Et puisque l’amour de Marius, ce « diplomate » magicien qui illumine l’enfermement de la jeune femme, traverse le récit de part en part, de Tananarive à Tunis, on se précipite sur le (rare) exemplaire du livre (2) écrit en 1896 par celui qui se décrivait « médecin et conseiller intime de Ranavalona 3 », pour guetter dans un récit lui aussi passionnant, les allusions fréquentes mais policées à sa relation avec la reine.

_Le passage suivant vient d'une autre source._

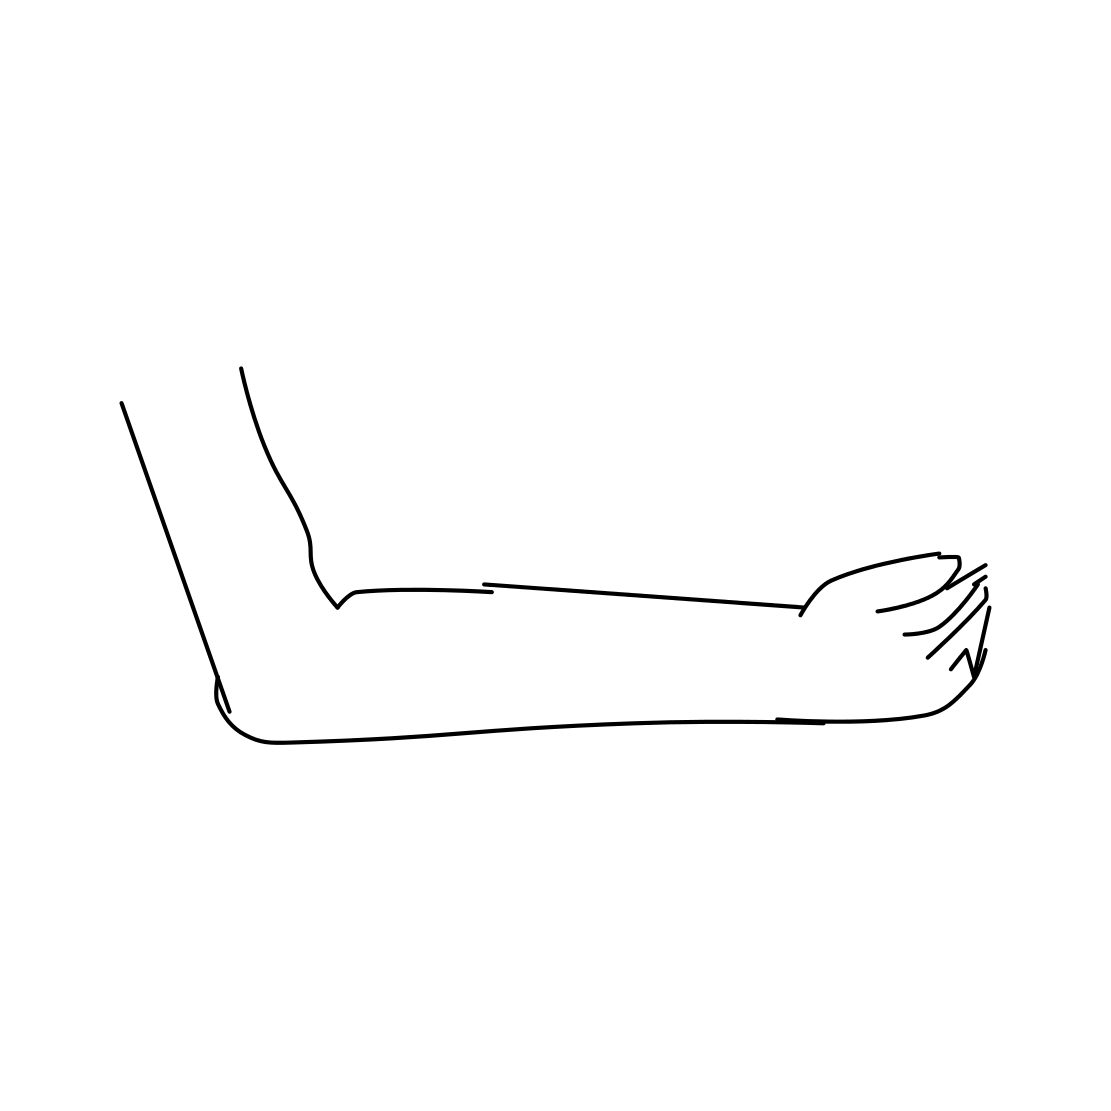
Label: arm
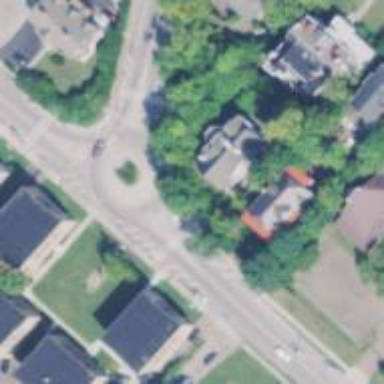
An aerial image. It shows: Tertiary road that leads to roundabout.
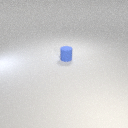
small blue rubber cylinder
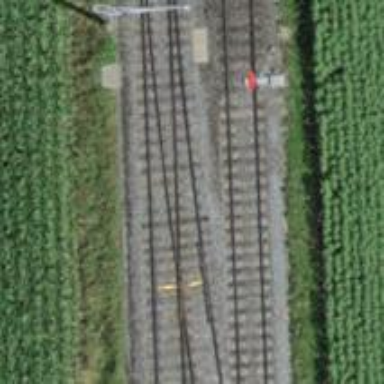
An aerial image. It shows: Single-track electrified rail service spur with contact line.
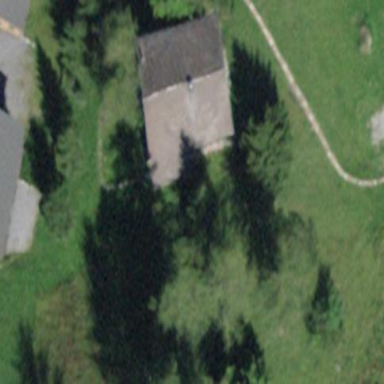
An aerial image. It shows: Detached building.
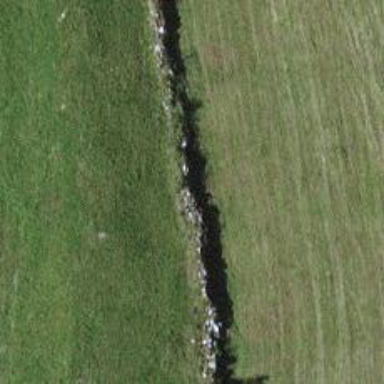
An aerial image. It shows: Wall made of dry stone.
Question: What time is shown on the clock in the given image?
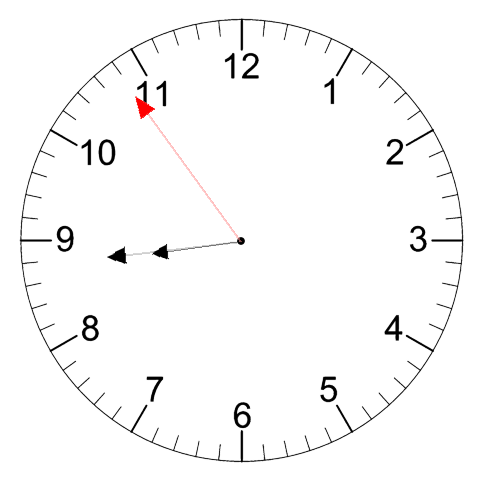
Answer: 08:43:54
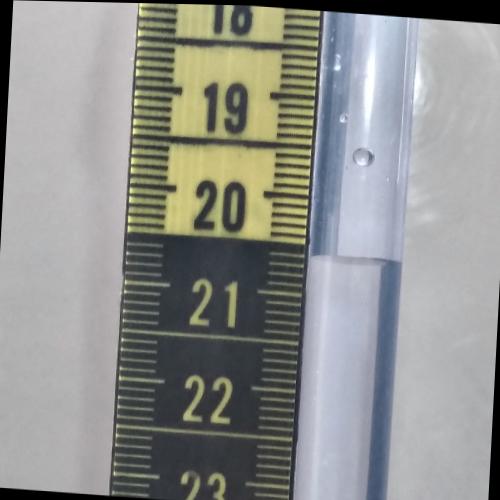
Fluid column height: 20.6 cm
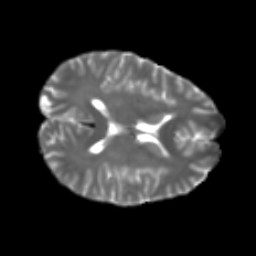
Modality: T2w
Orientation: axial
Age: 24
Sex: male
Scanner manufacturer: ge
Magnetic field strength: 3 T
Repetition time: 7.8 s
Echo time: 0.0606 s

Ce n’est pas le moindre talent de la romancière Hella Feki, que de nous motiver à compléter la découverte historique.
(1) Une reine sans royaume, roman, Hella Feki, Editions La Grenade Jean-Claude Lattès, août 2025, 192 pages, 19€
(2) A la cour de Madagascar, magie et diplomatie, Marius Cazeneuve, Librairie Delagrave, Paris, 1896, réédité en avril 2007 sur 236 pages par Pierre Maury pmalgachie@gmail.com dans la Bibliothèque malgache « électronique »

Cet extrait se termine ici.